Scholars address some of these issues by casting wide nets, piecing pornography’s history together by compiling and analyzing fragments of evidence from documents in many physical and digital collections.5 My main goal in creating Advertising Pornography was to facilitate that work by making it easier to search and cross-reference information from advertising material issued by agents connected with the trade. The datasets have been designed so they can be used separately or together to compensate for drawbacks associated with using different kinds of advertising material as sources. Sales catalogues often contain rich descriptions of the items that pornographers sold, and occasionally marginalia. However, few catalogues have survived. Most are also undated and were published anonymously or under pseudonyms. Some do not even provide an address for the seller. In contrast, periodical advertisements survive in huge numbers and have clear dates of publication. Although they were frequently published under pseudonyms, they virtually always include an address, which makes it easier to identify sellers. However, periodical advertisements offer less detail about the items being promoted than sales catalogues do. Often, the only information that they provide is a short title and a price. Moreover, pornographers did not advertise all the items they sold in periodicals. Together, the datasets furnish a clearer picture of what they sold and how and when they sold it than they do individually.
The datasets also facilitate research by indicating whether each item listed for sale in advertising material is mentioned in bibliographies that historians of English pornography often rely on: Peter Mendes’s Clandestine Erotic Fiction in English, 1800–1930 (1993) and Henry Spencer Ashbee’s Index Librorum Prohibitorum (1877), Centuria Librorum Absconditorum (1879) and Catena Librorum Tacendorum (1885).6 These bibliographies offer details about some items that are not available in the advertising material. At the same time, the advertising material fills in details about some items unavailable in these bibliographies and helps identify gaps in publication histories they offer. The value of using these sources together is demonstrated to some degree through a supplementary document included with Sales Catalogues, Catalogue Dating and Attribution. This document explains the working publication dates and attributions that I assigned to each of the catalogues, which are grounded in research that relied partly on data from Periodical Advertising and partly on bibliographies*.*
Collection and Creation
Sales Catalogues, 1840-1856
This dataset is derived from eighteen sales catalogues issued by agents associated with the British pornography trade. Fourteen of the catalogues are from the Michael Sadleir Collection of Ephemera, 1748-1887 at the Lilly Library, Indiana University. Ten of these catalogues are “standalone” catalogues, that is, catalogues issued for distribution on their own, often by mail-order. Two were published in numbers of William Dugdale’s periodical The Exquisite, and two are bound in books. The rest of the catalogues that inform the dataset are bound in books held at the Kinsey Institute Library and Special Collections, Indiana University (1 catalogue), the Harry Ransom Center (1 catalogue), the Wellcome Library (1 catalogue), and the British Library (1 catalogue). I acquired scans of these catalogues during research for a previous project.
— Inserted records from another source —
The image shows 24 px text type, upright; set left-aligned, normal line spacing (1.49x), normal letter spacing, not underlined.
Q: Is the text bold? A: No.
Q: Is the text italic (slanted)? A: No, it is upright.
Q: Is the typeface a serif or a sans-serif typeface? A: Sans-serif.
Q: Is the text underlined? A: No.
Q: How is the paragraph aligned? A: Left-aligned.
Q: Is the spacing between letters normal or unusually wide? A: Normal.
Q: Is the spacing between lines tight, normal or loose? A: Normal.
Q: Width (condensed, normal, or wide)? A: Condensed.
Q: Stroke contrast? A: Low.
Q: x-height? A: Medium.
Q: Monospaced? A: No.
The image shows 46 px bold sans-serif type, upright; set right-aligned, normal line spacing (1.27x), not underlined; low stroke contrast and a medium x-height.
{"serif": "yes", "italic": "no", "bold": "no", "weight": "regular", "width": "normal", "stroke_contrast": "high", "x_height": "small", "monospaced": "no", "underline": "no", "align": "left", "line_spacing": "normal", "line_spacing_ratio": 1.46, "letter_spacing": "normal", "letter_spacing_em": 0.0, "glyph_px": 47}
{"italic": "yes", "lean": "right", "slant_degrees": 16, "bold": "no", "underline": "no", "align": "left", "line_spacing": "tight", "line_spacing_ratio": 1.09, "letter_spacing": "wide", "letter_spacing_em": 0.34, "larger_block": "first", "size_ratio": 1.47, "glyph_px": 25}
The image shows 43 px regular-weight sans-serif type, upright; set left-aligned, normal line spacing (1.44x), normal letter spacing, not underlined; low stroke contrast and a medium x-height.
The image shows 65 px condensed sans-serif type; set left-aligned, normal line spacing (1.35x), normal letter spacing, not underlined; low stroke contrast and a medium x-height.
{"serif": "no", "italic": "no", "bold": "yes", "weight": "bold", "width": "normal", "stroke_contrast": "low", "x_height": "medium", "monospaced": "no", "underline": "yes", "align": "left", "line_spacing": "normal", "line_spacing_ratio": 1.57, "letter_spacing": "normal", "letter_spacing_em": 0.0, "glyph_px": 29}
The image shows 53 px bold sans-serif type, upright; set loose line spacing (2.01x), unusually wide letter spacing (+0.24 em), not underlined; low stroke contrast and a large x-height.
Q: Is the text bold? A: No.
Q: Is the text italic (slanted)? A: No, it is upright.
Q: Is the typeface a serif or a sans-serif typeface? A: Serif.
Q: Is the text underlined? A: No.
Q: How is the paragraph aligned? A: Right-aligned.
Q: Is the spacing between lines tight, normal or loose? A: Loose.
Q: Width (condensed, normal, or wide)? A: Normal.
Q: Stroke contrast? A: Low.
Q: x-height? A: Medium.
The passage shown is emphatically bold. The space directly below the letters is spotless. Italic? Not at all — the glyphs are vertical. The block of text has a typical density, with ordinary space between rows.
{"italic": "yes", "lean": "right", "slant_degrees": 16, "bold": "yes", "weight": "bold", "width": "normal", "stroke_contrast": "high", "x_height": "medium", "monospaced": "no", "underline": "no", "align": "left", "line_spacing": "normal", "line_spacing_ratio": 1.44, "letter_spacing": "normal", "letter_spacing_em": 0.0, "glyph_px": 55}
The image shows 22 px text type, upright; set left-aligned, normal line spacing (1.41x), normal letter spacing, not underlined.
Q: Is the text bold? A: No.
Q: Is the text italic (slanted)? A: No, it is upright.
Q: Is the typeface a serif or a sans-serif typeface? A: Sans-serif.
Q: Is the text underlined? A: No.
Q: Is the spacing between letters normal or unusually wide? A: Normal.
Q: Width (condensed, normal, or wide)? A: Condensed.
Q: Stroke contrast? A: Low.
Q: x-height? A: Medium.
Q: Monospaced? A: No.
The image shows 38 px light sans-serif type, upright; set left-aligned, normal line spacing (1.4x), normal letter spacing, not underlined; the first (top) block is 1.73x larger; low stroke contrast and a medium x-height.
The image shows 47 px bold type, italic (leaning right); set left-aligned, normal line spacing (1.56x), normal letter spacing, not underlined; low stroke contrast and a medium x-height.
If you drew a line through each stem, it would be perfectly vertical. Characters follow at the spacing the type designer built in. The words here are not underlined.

To create the dataset, I prepared an Excel file with two sheets to contain catalogue data and metadata. The fields in each sheet are described in the README. I then 1) transcribed the text of the catalogues, 2) checked the transcriptions against the original scans, 3) pasted the transcribed text into the appropriate fields in the Excel sheets, 4) filled in the metadata fields, and 5) did a second check of the transcribed text for accuracy. I created transcription drafts for eight of the catalogues using automated text recognition via Claude 3.7 Sonnet, primarily because I was interested in getting a sense of the model’s ability to accurately transcribe text from historical documents that were unlikely to be in its training data at the time. I uploaded scans of these catalogues to Claude one by one and prompted it to extract text from each catalogue exactly as written. This was largely successful. However, the model occasionally skipped over content in the catalogues or hallucinated words or phrases (it was most prone to do this when attempting to transcribe passages containing Victorian slang). To ensure the dataset’s accuracy, I hand checked the transcriptions against the original scans twice, once after they were generated and once after I had entered them into the spreadsheet, correcting the text as needed. I found that the type in the other catalogues was too small or blurred for Claude or specialized text recognition software to transcribe with an acceptable level of accuracy. I transcribed the text of the remaining ten catalogues entirely by hand. I checked my own transcriptions against the original scans twice.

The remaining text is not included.